▶ **Brief**
Leave no picture in, and give every entry again exactly.

::: Recorded data

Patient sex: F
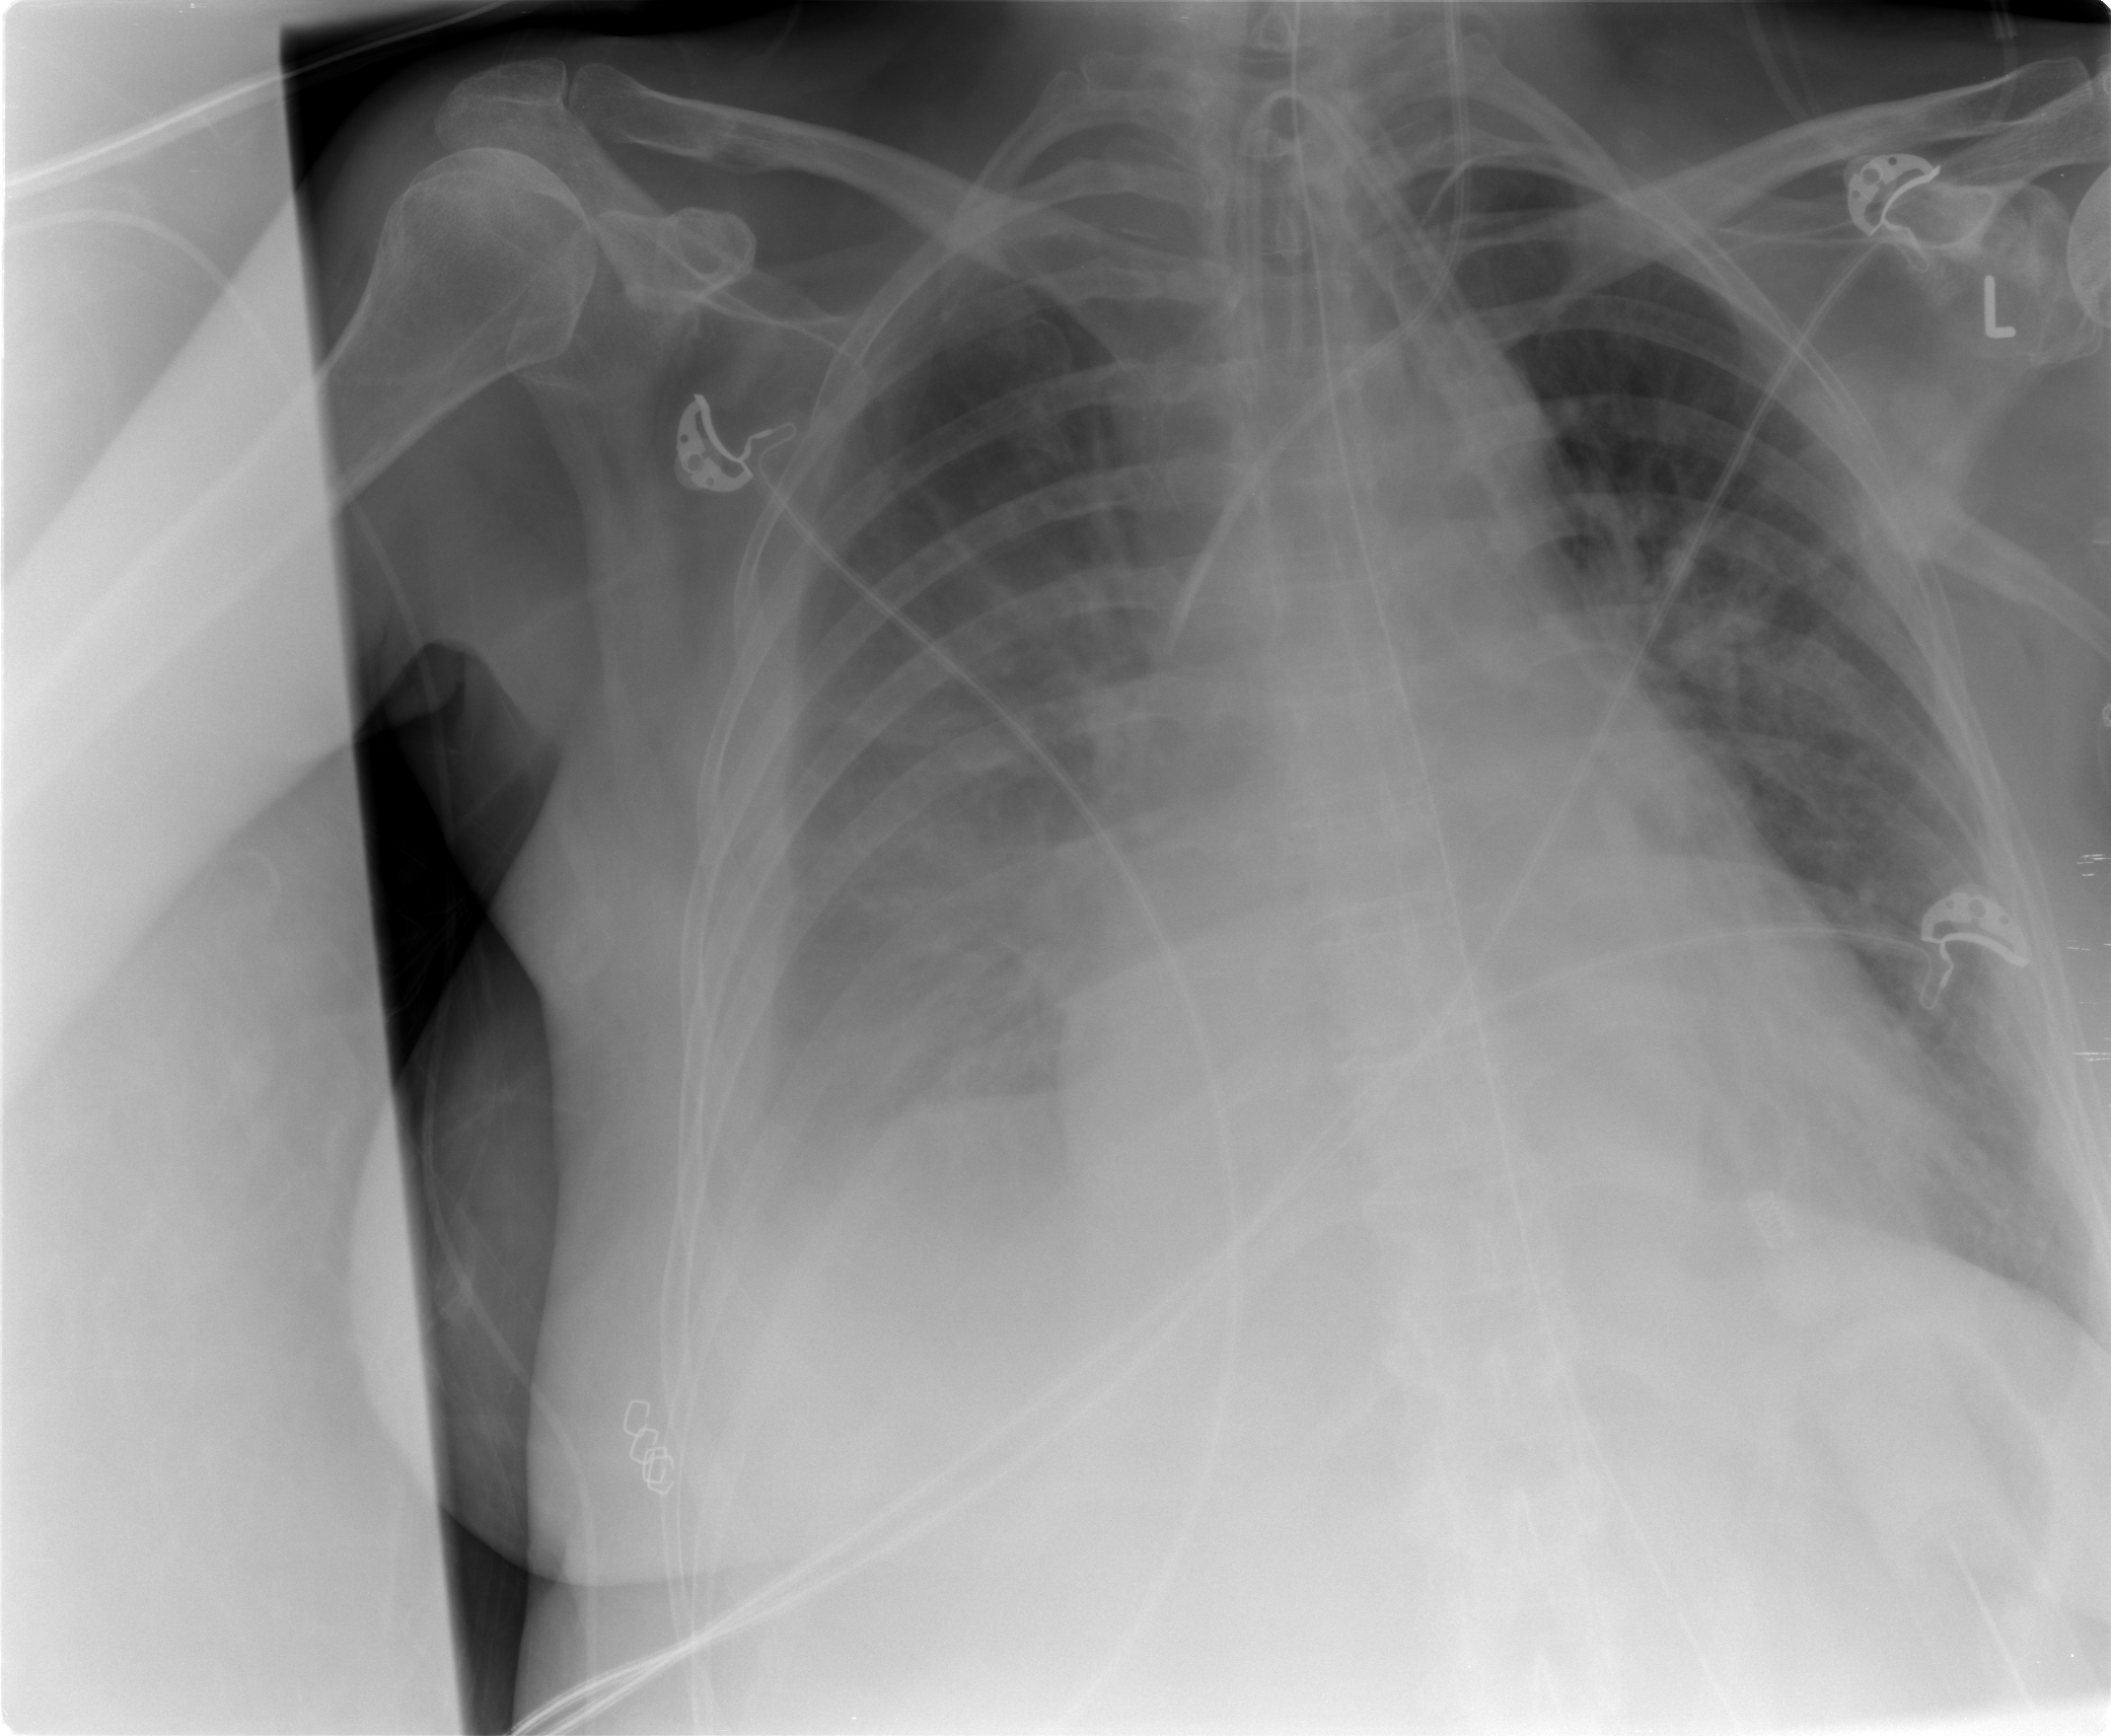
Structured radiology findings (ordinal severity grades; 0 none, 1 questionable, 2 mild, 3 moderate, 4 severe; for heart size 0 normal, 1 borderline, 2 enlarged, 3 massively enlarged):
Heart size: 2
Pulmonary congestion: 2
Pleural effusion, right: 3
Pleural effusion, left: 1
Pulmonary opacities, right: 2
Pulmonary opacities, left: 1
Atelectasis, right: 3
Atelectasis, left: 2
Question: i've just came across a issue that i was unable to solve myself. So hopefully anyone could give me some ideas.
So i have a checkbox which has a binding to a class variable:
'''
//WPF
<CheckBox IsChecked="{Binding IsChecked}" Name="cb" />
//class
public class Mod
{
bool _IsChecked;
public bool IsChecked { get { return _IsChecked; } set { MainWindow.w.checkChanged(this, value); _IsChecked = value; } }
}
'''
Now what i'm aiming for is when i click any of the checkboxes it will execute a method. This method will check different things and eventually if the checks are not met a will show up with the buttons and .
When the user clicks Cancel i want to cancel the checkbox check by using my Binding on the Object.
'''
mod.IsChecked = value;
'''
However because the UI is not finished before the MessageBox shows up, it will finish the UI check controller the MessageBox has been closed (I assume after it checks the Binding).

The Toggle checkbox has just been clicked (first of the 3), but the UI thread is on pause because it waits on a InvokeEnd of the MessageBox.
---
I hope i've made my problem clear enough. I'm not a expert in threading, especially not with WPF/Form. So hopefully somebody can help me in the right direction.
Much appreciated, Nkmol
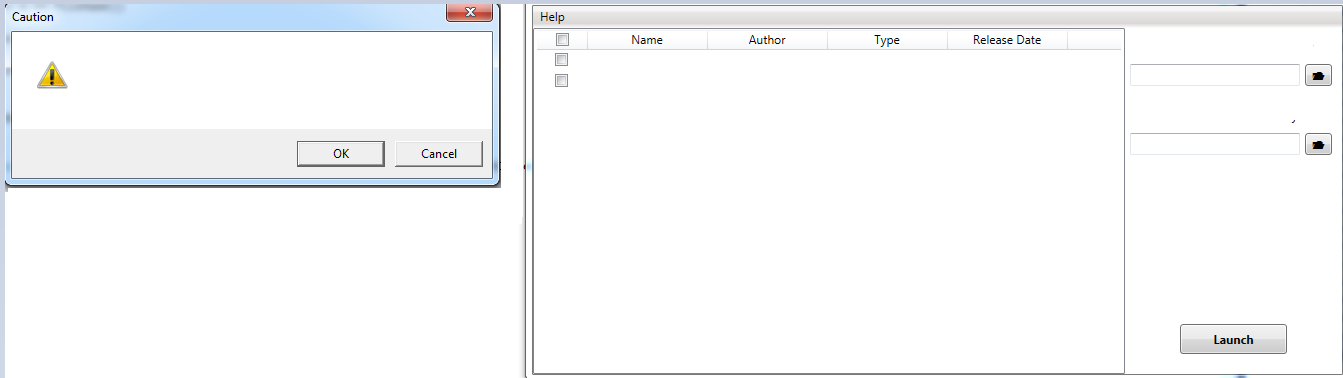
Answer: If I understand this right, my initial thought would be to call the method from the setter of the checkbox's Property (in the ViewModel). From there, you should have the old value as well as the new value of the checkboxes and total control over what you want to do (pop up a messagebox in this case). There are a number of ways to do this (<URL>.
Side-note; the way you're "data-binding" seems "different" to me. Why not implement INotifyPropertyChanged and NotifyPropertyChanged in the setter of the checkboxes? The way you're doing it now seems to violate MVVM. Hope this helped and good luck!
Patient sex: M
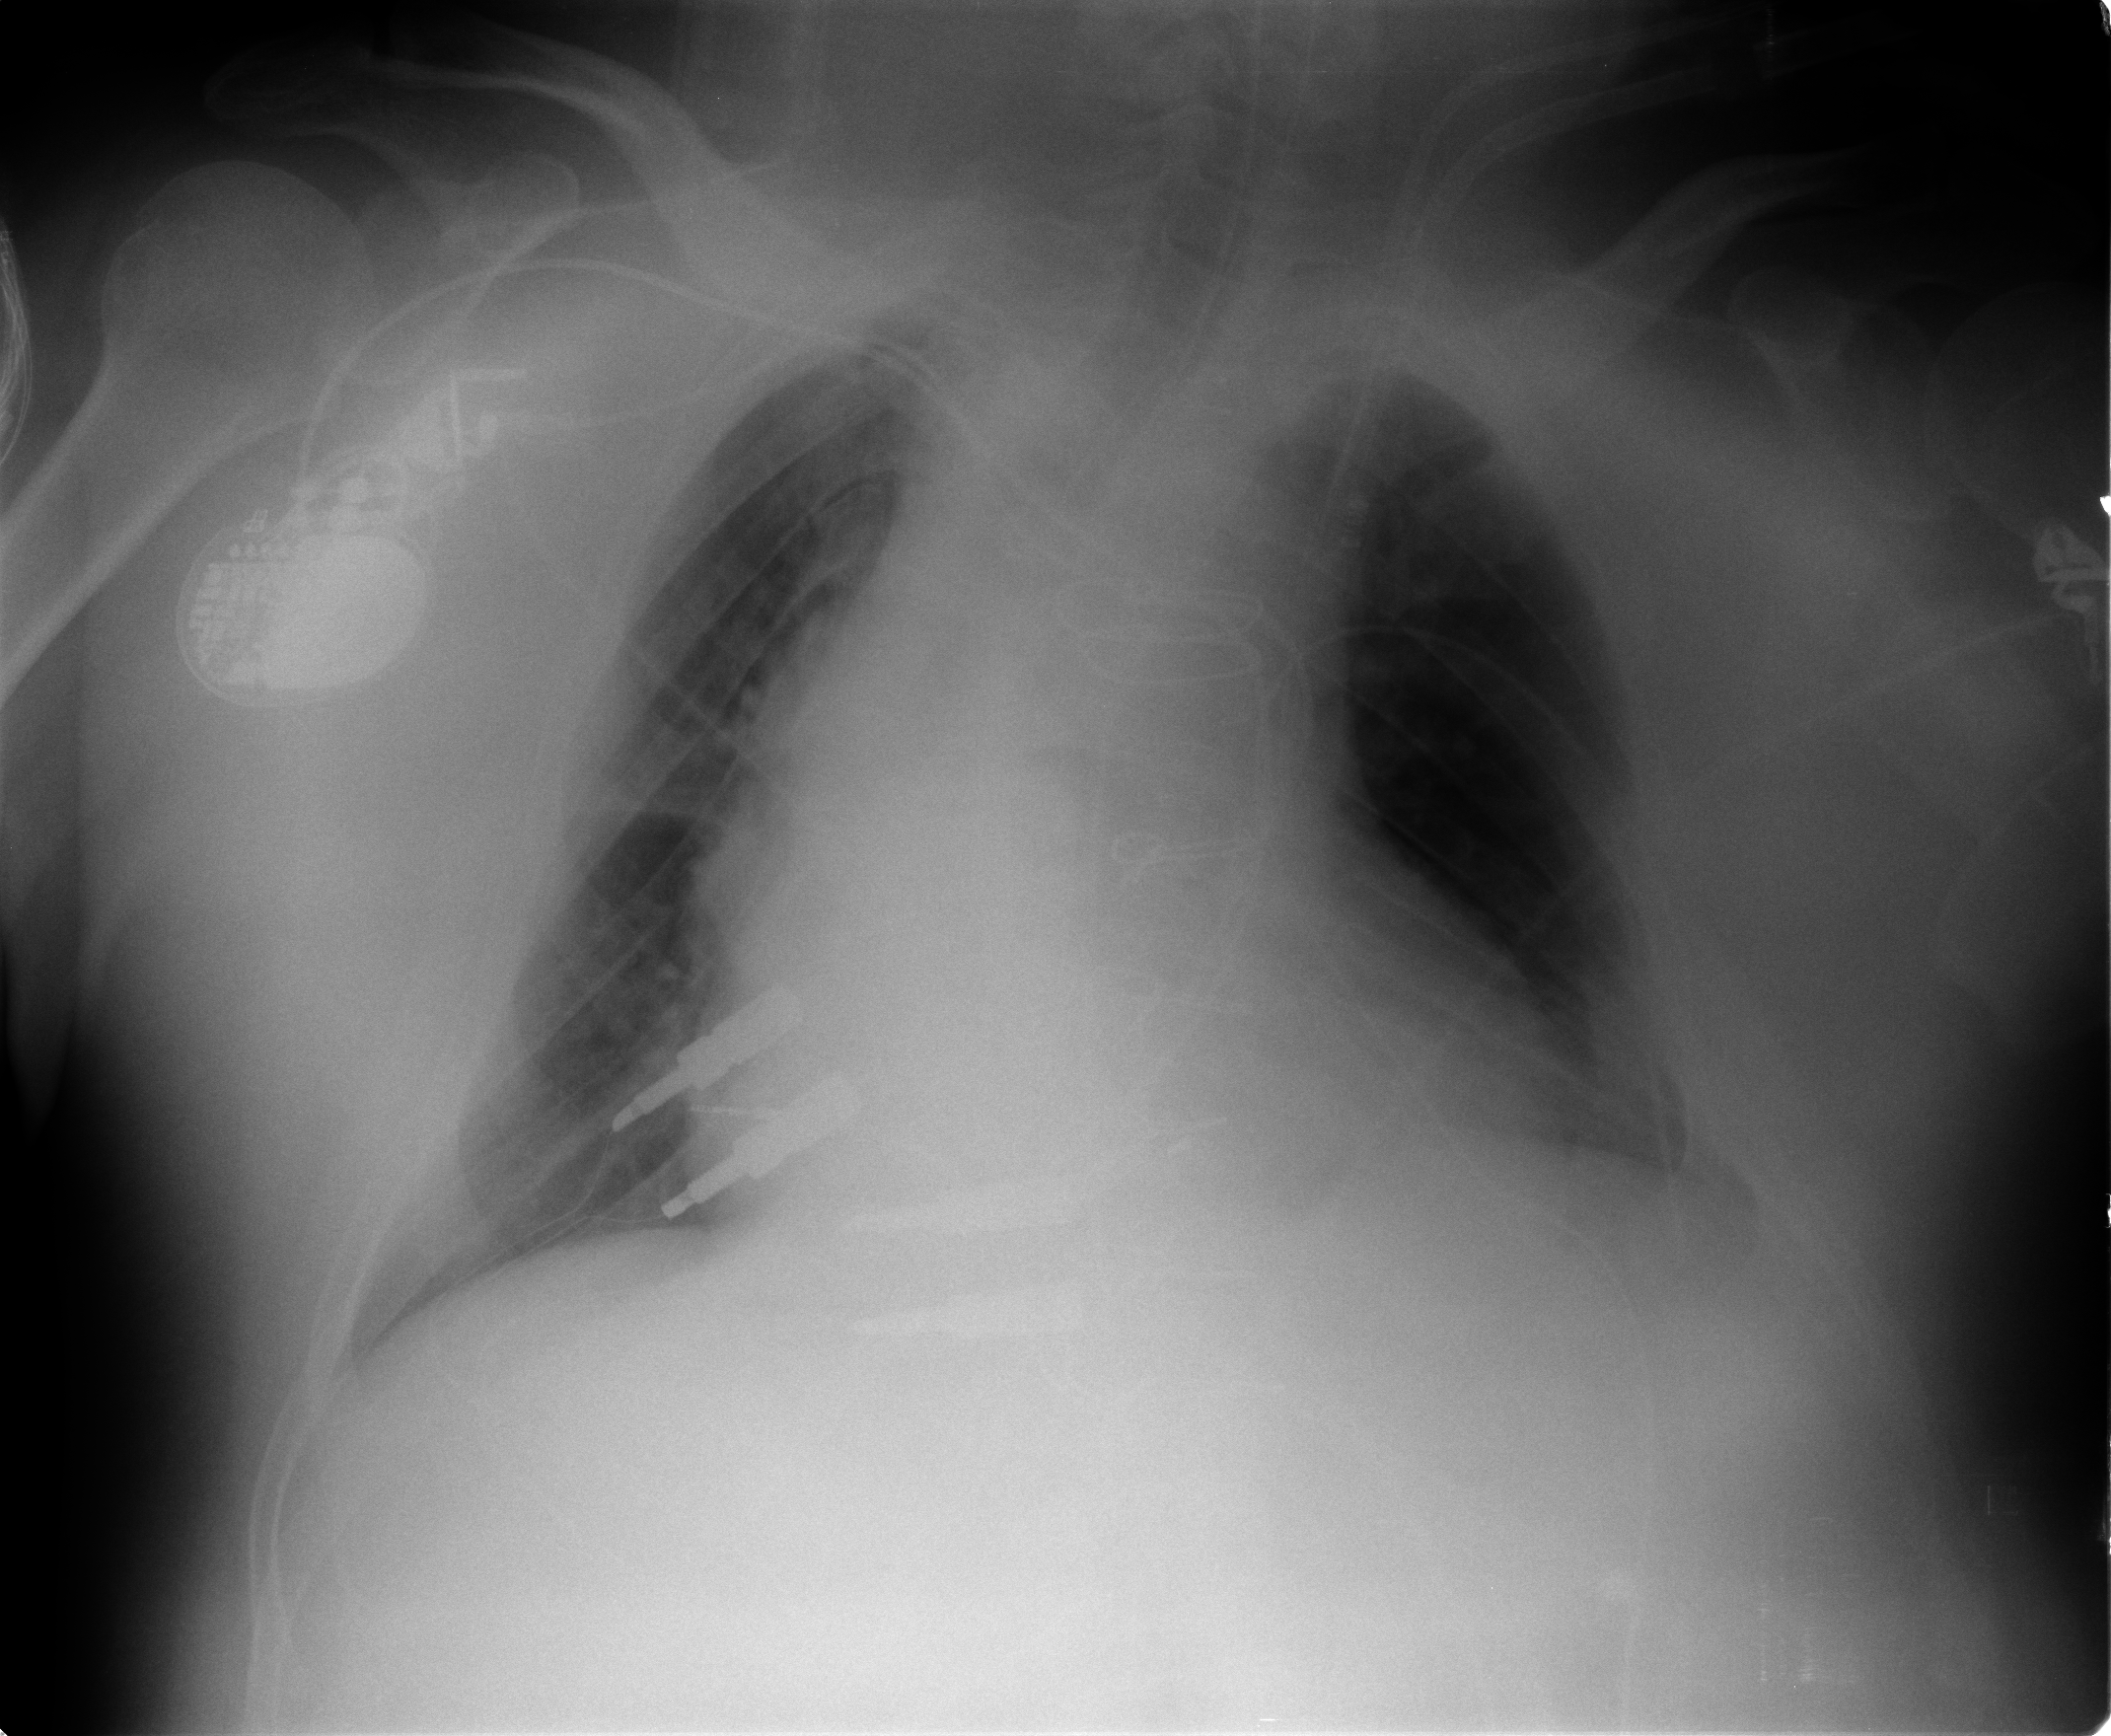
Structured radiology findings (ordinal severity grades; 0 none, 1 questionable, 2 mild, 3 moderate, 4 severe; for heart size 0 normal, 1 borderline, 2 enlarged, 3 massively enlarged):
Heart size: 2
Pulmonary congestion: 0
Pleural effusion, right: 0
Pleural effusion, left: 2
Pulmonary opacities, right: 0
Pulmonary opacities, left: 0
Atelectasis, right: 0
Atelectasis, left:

::::::

▶ **Solved exercise**
Patient sex: F
Structured radiology findings (ordinal severity grades; 0 none, 1 questionable, 2 mild, 3 moderate, 4 severe; for heart size 0 normal, 1 borderline, 2 enlarged, 3 massively enlarged):
Heart size: 2
Pulmonary congestion: 2
Pleural effusion, right: 3
Pleural effusion, left: 1
Pulmonary opacities, right: 2
Pulmonary opacities, left: 1
Atelectasis, right: 3
Atelectasis, left: 2
Question: i've just came across a issue that i was unable to solve myself. So hopefully anyone could give me some ideas.
So i have a checkbox which has a binding to a class variable:
'''
//WPF
<CheckBox IsChecked="{Binding IsChecked}" Name="cb" />
//class
public class Mod
{
bool _IsChecked;
public bool IsChecked { get { return _IsChecked; } set { MainWindow.w.checkChanged(this, value); _IsChecked = value; } }
}
'''
Now what i'm aiming for is when i click any of the checkboxes it will execute a method. This method will check different things and eventually if the checks are not met a will show up with the buttons and .
When the user clicks Cancel i want to cancel the checkbox check by using my Binding on the Object.
'''
mod.IsChecked = value;
'''
However because the UI is not finished before the MessageBox shows up, it will finish the UI check controller the MessageBox has been closed (I assume after it checks the Binding).

The Toggle checkbox has just been clicked (first of the 3), but the UI thread is on pause because it waits on a InvokeEnd of the MessageBox.
---
I hope i've made my problem clear enough. I'm not a expert in threading, especially not with WPF/Form. So hopefully somebody can help me in the right direction.
Much appreciated, Nkmol
Answer: If I understand this right, my initial thought would be to call the method from the setter of the checkbox's Property (in the ViewModel). From there, you should have the old value as well as the new value of the checkboxes and total control over what you want to do (pop up a messagebox in this case). There are a number of ways to do this (<URL>.
Side-note; the way you're "data-binding" seems "different" to me. Why not implement INotifyPropertyChanged and NotifyPropertyChanged in the setter of the checkboxes? The way you're doing it now seems to violate MVVM. Hope this helped and good luck!
Patient sex: M
Structured radiology findings (ordinal severity grades; 0 none, 1 questionable, 2 mild, 3 moderate, 4 severe; for heart size 0 normal, 1 borderline, 2 enlarged, 3 massively enlarged):
Heart size: 2
Pulmonary congestion: 0
Pleural effusion, right: 0
Pleural effusion, left: 2
Pulmonary opacities, right: 0
Pulmonary opacities, left: 0
Atelectasis, right: 0
Atelectasis, left:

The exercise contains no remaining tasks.